Can we draw parallels between PPC and Eric Duhaime’s Conservative Party of Quebec?

As part of the pandemic, both have tended to attack institutions, elites, checks and balances (such as the media) and intellectuals. But here, there is a paradox because, like many populists, they reject the elites, but they come from this world: Bernier’s political elite; Dhimi’s media elite.

In addition, they both oversimplify the risks to rally as many people as possible. Finally, both have a rapidly growing membership base at a time when the membership base of the major parties is declining. Both say they represent the “real world”.

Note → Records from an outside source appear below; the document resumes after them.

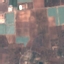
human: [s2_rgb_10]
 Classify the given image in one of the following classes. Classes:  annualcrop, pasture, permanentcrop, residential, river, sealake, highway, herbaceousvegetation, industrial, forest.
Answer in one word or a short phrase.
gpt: PermanentCrop
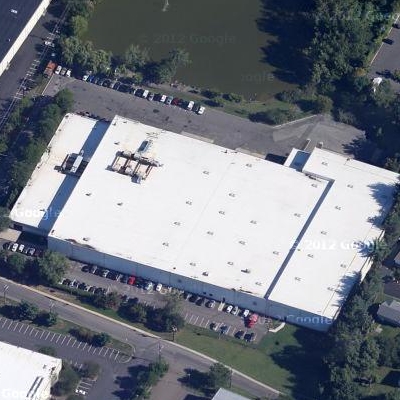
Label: cIndustry
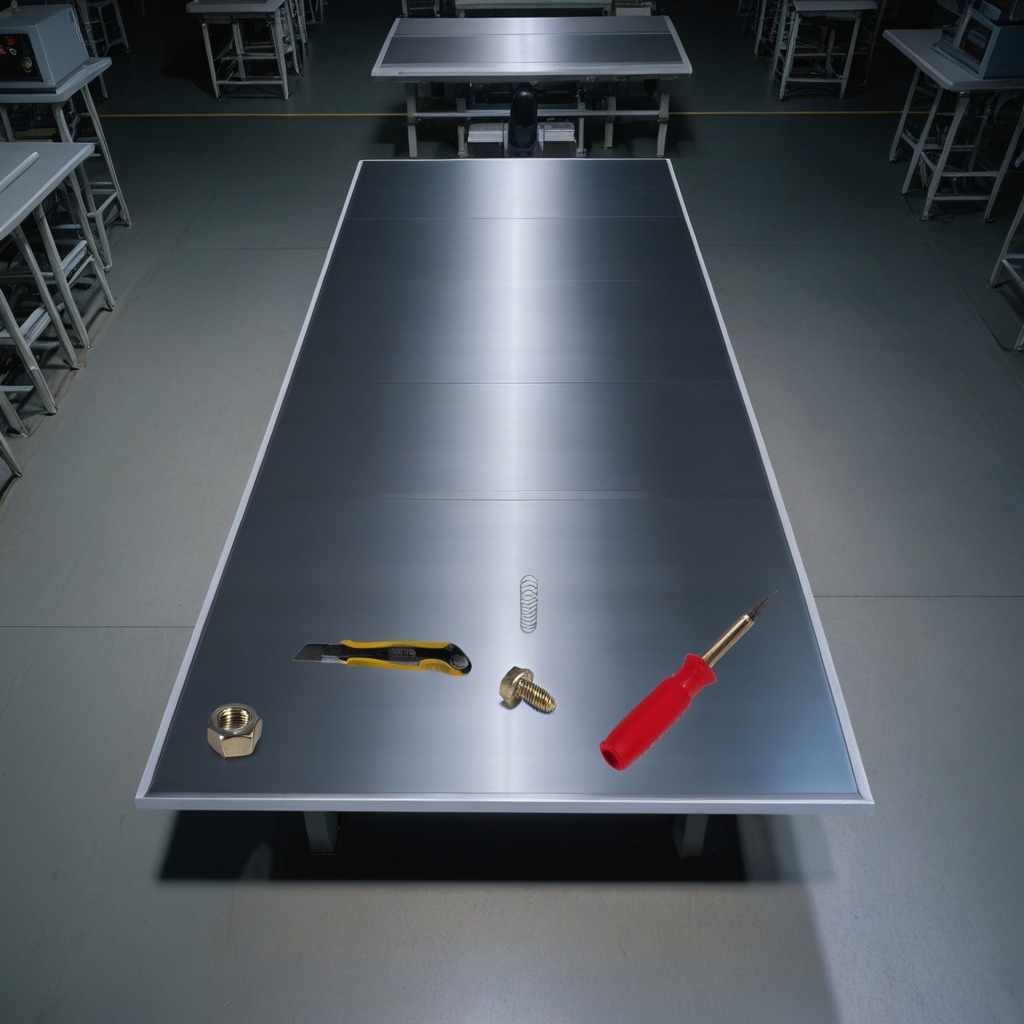
A utility knife, a metal machine screw, a coiled metal spring, a screwdriver, and a metal nut are lying on the clean empty table in the evening.
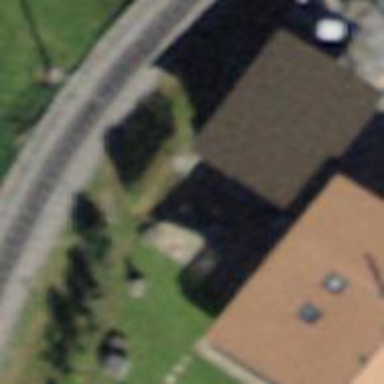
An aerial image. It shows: View of roof of building.
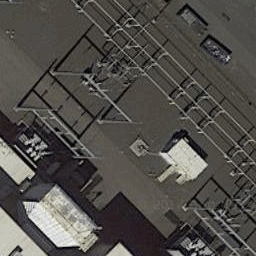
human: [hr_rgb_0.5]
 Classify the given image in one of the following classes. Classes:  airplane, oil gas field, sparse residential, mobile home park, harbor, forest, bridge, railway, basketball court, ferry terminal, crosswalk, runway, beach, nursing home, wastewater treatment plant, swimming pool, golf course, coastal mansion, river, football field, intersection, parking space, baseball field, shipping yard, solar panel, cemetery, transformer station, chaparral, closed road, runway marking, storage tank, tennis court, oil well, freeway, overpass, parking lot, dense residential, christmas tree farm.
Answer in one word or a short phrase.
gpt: transformer station
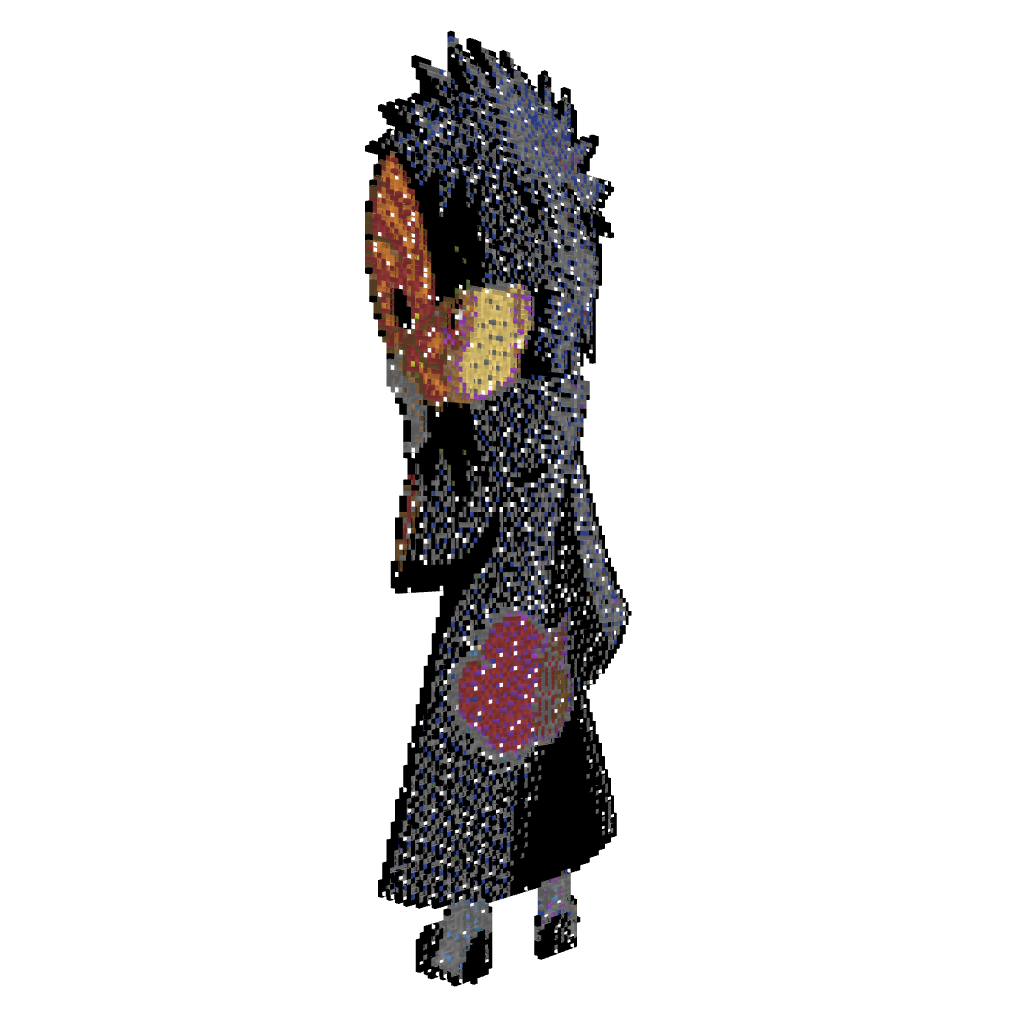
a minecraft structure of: TOBI CHIBI high quality

What does this send as a signal to other political parties?

Ironically, this testifies to the vitality of democracy, because we question so many things, and it makes it possible to mobilize people who would not otherwise be mobilized. On the other hand, there are a lot of drifting risks.

What do you expect in This context for the Quebec elections 2022?

We will have to watch how the other parties behave with Eric Dohemy’s conservative party. They will still have to listen to it, because if the party and its members are discriminated against by the political class and lose their credibility, it risks strengthening their sense of legitimacy and their raison d’être.

Even if we do not agree with them, we should still listen to them and not humiliate them. Because doing otherwise can give more resonance to an option like this.